Tuesday, March 31, 2009

Making a Livingston

The OKC Thunder have just signed former Clipper lottery pick Sean Livingston to a multi-year deal. Great pickup in my opinion. Livingston has been playing in the NBA Developmental League for the Tulsa 66ers. Though not eye-popping, his numbers are pretty good: 9.5 points, 6.0 assists and 3.5 rebounds in 11 games.

Why I like this move, despite the tremendous play of Kyle Weaver and Thabo Sefalosha of late, is that in spite of creating a sort of potential logjam at the guard spots, it is a low risk, high reward situation.
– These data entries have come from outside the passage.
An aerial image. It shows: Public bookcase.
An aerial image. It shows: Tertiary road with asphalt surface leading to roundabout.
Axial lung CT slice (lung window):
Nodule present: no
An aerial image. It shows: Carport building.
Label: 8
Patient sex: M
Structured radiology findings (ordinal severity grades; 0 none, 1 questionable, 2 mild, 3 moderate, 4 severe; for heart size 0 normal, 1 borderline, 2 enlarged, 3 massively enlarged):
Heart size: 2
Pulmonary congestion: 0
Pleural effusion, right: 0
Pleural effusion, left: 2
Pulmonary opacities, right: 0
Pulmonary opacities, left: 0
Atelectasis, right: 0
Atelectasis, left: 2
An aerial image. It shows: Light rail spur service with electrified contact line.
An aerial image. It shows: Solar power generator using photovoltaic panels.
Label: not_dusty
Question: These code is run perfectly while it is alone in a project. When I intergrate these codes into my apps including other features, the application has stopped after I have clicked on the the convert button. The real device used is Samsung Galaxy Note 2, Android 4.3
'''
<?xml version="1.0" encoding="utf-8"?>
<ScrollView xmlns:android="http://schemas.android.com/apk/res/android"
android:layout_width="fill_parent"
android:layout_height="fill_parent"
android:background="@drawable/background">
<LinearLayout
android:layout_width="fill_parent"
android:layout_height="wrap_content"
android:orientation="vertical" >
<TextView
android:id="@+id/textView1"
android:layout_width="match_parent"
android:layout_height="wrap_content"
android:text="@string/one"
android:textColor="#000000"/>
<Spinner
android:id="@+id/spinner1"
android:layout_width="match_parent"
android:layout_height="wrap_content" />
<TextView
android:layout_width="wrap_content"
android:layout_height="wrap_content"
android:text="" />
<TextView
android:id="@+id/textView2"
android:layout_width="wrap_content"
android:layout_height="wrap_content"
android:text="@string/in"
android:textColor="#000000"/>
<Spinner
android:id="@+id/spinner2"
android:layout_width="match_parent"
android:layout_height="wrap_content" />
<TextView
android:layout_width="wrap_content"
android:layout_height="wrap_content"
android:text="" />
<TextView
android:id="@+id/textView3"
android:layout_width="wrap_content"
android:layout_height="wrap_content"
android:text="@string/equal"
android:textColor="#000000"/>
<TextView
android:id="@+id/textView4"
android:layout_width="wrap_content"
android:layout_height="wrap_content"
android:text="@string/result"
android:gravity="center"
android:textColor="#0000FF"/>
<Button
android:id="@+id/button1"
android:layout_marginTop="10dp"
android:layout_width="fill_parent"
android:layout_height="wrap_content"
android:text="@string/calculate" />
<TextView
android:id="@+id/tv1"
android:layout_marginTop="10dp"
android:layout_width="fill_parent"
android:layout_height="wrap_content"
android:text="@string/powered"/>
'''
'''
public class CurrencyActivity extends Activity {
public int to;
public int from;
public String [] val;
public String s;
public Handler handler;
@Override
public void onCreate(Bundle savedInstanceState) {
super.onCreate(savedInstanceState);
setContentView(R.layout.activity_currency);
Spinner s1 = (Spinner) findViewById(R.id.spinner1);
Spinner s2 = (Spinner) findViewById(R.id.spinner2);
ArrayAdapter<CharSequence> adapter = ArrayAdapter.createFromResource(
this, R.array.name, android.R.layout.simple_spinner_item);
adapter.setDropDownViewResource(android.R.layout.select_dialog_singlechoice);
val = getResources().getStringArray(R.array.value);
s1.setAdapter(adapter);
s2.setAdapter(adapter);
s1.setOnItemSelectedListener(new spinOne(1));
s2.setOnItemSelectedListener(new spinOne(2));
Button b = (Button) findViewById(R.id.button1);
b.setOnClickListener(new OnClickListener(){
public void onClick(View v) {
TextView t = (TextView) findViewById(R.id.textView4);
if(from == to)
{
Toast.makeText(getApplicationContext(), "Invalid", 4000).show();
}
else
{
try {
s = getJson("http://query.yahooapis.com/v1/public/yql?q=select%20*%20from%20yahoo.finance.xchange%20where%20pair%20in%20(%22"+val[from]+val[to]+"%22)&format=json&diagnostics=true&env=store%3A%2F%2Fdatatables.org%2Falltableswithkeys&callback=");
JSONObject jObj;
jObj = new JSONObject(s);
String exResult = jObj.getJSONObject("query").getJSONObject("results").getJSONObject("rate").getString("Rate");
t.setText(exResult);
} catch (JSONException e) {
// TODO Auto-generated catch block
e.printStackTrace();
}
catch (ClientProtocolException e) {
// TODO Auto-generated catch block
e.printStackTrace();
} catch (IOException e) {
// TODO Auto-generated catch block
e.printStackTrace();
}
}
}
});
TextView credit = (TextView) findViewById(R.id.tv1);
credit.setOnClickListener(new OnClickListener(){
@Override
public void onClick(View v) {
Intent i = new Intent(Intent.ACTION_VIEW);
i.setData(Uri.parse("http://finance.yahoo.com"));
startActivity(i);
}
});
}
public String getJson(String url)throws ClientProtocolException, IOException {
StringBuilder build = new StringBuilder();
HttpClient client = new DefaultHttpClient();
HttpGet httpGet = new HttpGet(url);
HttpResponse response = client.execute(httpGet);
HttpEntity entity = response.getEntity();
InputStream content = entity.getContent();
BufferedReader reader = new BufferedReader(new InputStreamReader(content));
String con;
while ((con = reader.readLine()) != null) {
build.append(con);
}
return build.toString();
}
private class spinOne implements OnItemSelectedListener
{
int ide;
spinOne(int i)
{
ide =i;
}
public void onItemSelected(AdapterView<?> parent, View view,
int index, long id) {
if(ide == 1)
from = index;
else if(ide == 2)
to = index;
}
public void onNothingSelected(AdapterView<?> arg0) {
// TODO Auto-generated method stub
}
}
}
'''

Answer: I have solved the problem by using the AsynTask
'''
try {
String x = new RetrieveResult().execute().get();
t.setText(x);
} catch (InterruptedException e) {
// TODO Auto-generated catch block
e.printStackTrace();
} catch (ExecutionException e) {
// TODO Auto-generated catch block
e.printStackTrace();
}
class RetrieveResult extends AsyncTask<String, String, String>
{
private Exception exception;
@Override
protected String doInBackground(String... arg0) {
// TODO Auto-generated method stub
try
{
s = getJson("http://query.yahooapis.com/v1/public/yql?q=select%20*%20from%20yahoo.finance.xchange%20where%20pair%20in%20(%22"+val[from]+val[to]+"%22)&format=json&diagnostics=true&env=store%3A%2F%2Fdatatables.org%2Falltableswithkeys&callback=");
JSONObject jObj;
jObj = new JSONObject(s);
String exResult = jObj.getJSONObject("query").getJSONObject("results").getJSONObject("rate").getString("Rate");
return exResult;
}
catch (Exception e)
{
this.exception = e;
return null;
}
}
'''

Livingston, a former #4 pick in the draft, was touted as a baby Magic coming out of high school. While those lofty expectations will most assuredly never be met, the kid's got plenty of potential. He's also a 6-7 point guard who can play and defend all three positions. Nobody really talks about his importance to that Clippers team that won 47 games and made it to the second round of the playoffs in 2005-06. But after coming back from an early season back injury, Livingston was second on the team in assists and filled the backup point guard role as well as filled in for the injured Corey Maggette. In the postseason, he was even better averaging 7.5 points, 4.7 rebounds and 4.8 assists on 47 percent shooting in 27 minutes over 12 games.

Of course, there are two major knocks on the kid. One, he's injury prone: lower back stress reaction, torn cartilage in his right shoulder, dislocated right knee cap, and of course this horrific accident where he tore the ACL, PCL, MCL and lateral meniscus in his left knee. The most games he's ever played 61.

The other, is one he shares with Russell Westbrook. Neither can shoot a lick. Still, Westbrook is 20 years old and has the rest of his career to improve his shot. With a healthy Livingston, Westbrook can play like a shooting guard, but guard the oppositions point guard and Livingston has the versatility and length to cover 1-3. Livingston also brings a much needed asset on this team, the ability to pass. With a career 2.35 assist-to-turnover ratio, he would rank number two on the team by a mile (After Ear Watson, who, if it wasn't blatantly clear before, the writing is most definitely on the wall with this acquisition, ditto for Atkins). And his A/To ratio has trended upward all three seasons he's played, from 2 to 2.5 to finally 2.55 in his final season with the Clippers. That would put him in the top 20 in the league, whereas, right now, outside of Watson, the team doesn't have a top 50 A/To player.

And then there's that potential. Before his season-ending, nearly career-ending injury, Livingston was shooting 47 percent and averaging 9.3 points, 5.1 assists, 3.4 rebounds, 1.09 steals and 29.8 minutes while garnering that very nice 2.54 assist-to-turnover ratio. And, right now, today, the kid is only 24 years old.

Again, nice potential pick up by the Thunder.